Because we're using OGC conventions we didn't take the effort to copy or
adapt all descriptions that are already there (see same document).
Therefore, indeed, we might have missed something, or more things, that
are essential for people who are less familiar with OGC. And we could
expect that because GGL is more than GIS, so sorry for this omission.
> Please clarify:
> a) Do you agree that the documentation of the "geometry concepts" is currently insufficient, because both the intended semantic meaning and the exact constraints on valid "values" for objects modeling the "geometric concepts" are not documented?
>
So yes, it should be extended
> c) Is there a bug in the area function, or are both "Modules" -> "A Generic Geometry Library (web-copy of article for BoostCon'09)" and "Example" -> "c04_b_custom_triangle_example.cpp" wrong?
>
The article is published in '09 and most of it is written in '08, we're
nearly a year further now. Indeed it is contradictory, sorry for this.
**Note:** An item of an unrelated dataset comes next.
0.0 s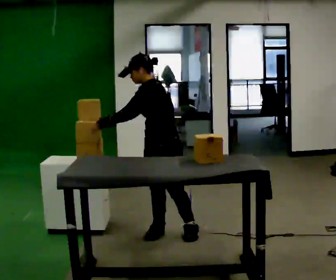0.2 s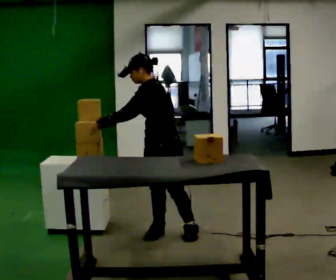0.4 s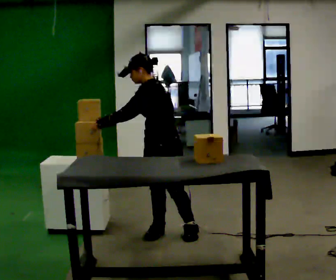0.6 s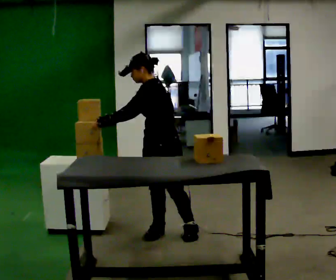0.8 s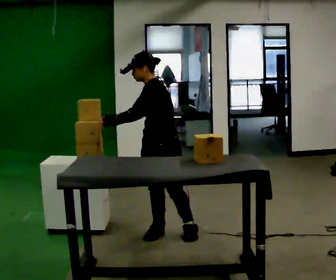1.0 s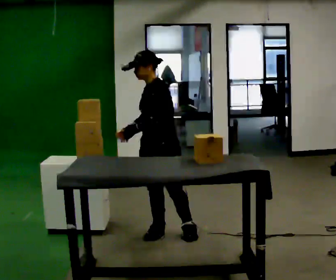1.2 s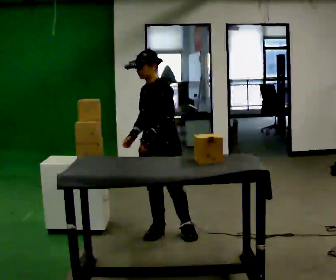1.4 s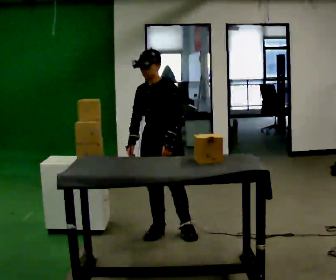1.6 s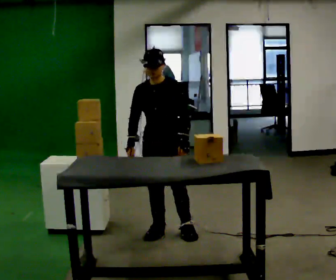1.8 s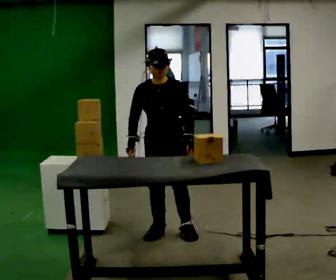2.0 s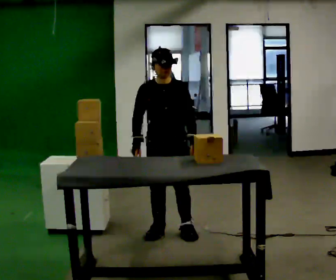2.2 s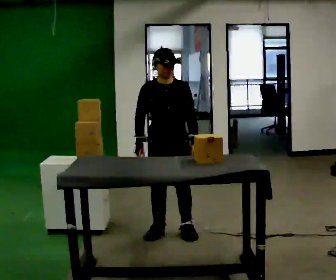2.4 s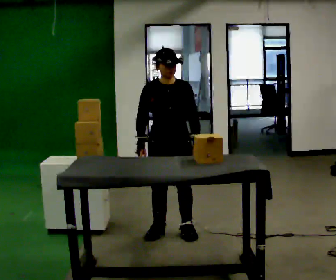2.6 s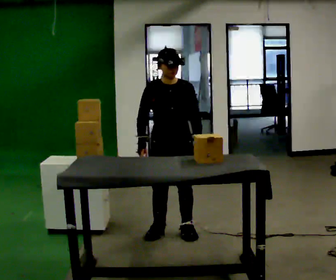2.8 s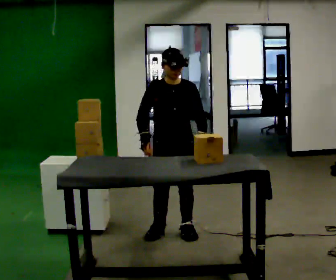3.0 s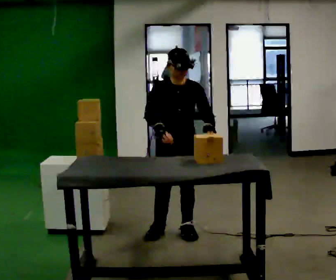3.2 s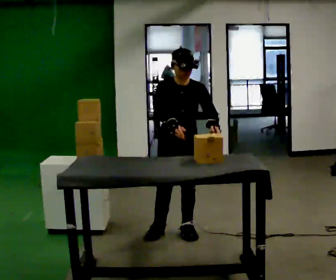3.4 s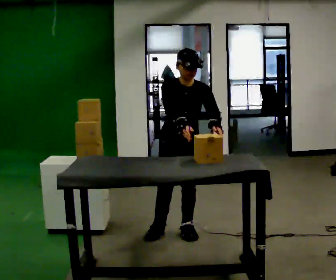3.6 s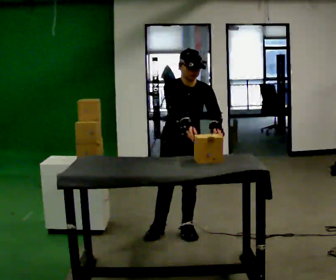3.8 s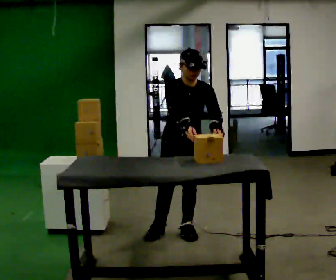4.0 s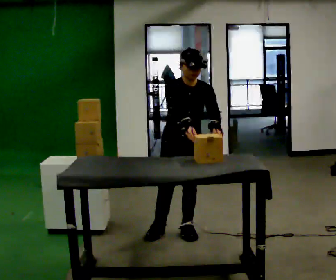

We have pondered about the closeness. Should a ring always be closed or
should it be flexible. In '08 we thought to add something to the concept
which says so, like we did for orientation. So a triangle there has 3
points then, if it no needs to be closed. In the months after, we didn't
add this yet, it would make the options we already have (I mean the
whole combinatorial explosion we have on geometry-types,
coordinate-systems, dimensions, orientations) even more complex, and it
was not feasible to handle it in the prepration of this submission.
An optional traits closed/nonclosed, the way we did this for
orientation, can be added later, if this wish is expressed by the boost
community.
> b) Why are there two examples that more or less contradict each other?
>
This is a consequence of the closeness. It is perfectly thinkable to
create a triangle modelled as a "ring", override *all *dispatch methods,
and have it non-closed. This is the approach of example b. However, you
should override everything. To implement it more easily, you can
override only one method (the area as done here). But it should be
*closed *then. Anyway, I agree with you that it is inconvenient to show
it like this, and we will adapt those samples, thanks for pointing this out.